> _Exercise instructions_:
All of the data below should come back exactly as written, minus its images.

Excerpts from a dataset
■ ■ ■ ■
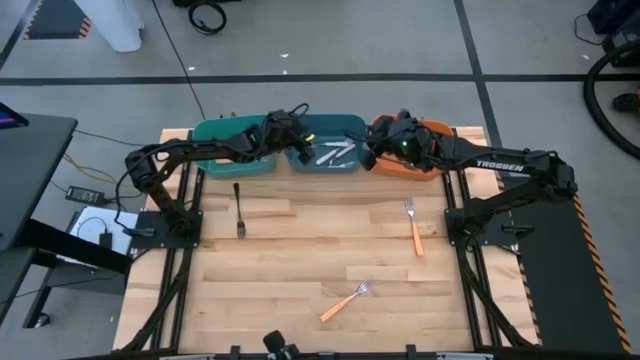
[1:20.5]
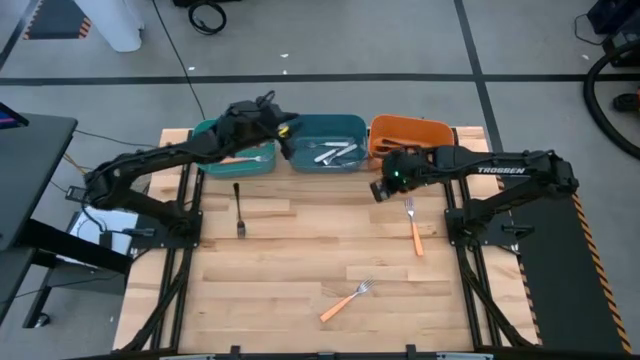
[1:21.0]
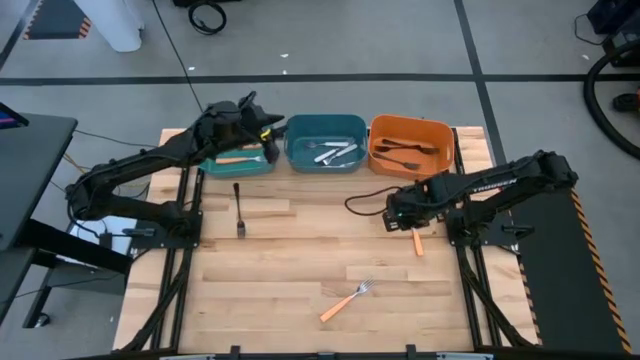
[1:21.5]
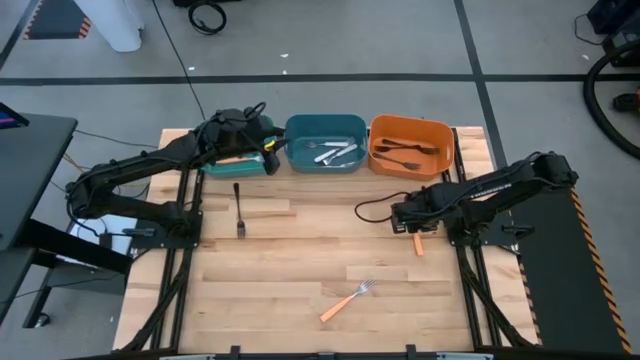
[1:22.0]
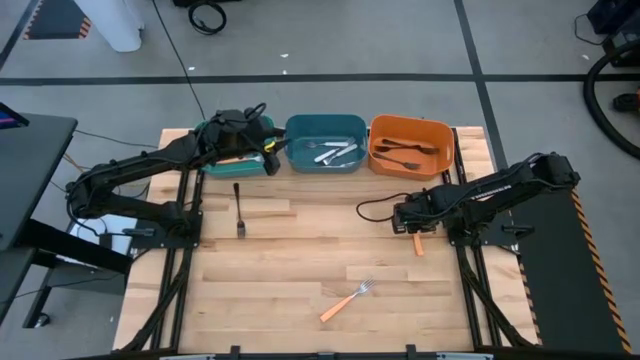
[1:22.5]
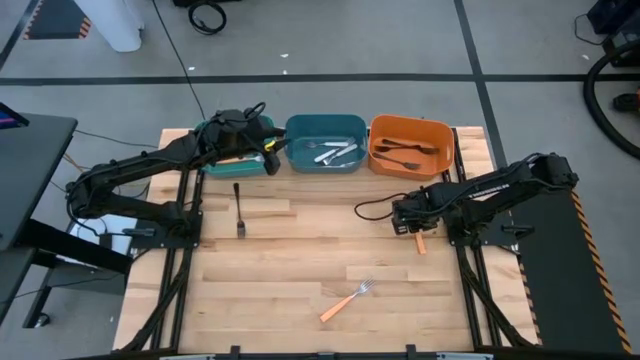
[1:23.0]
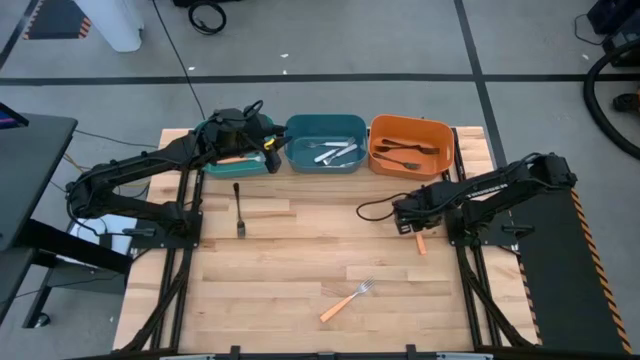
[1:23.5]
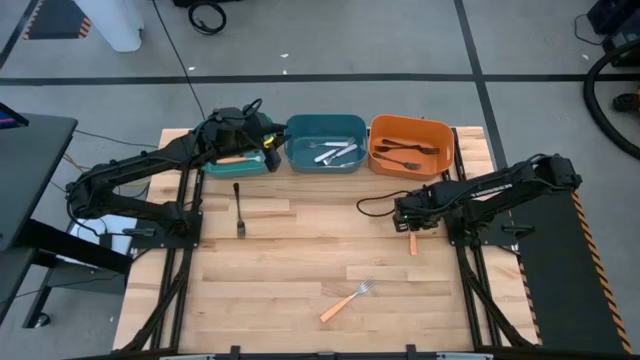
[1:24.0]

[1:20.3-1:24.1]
■ ■ ■ ■
> _Finished exercise_:
[1:20.5]
[1:21.0]
[1:21.5]
[1:22.0]
[1:22.5]
[1:23.0]
[1:23.5]
[1:24.0]

[1:20.3-1:24.1]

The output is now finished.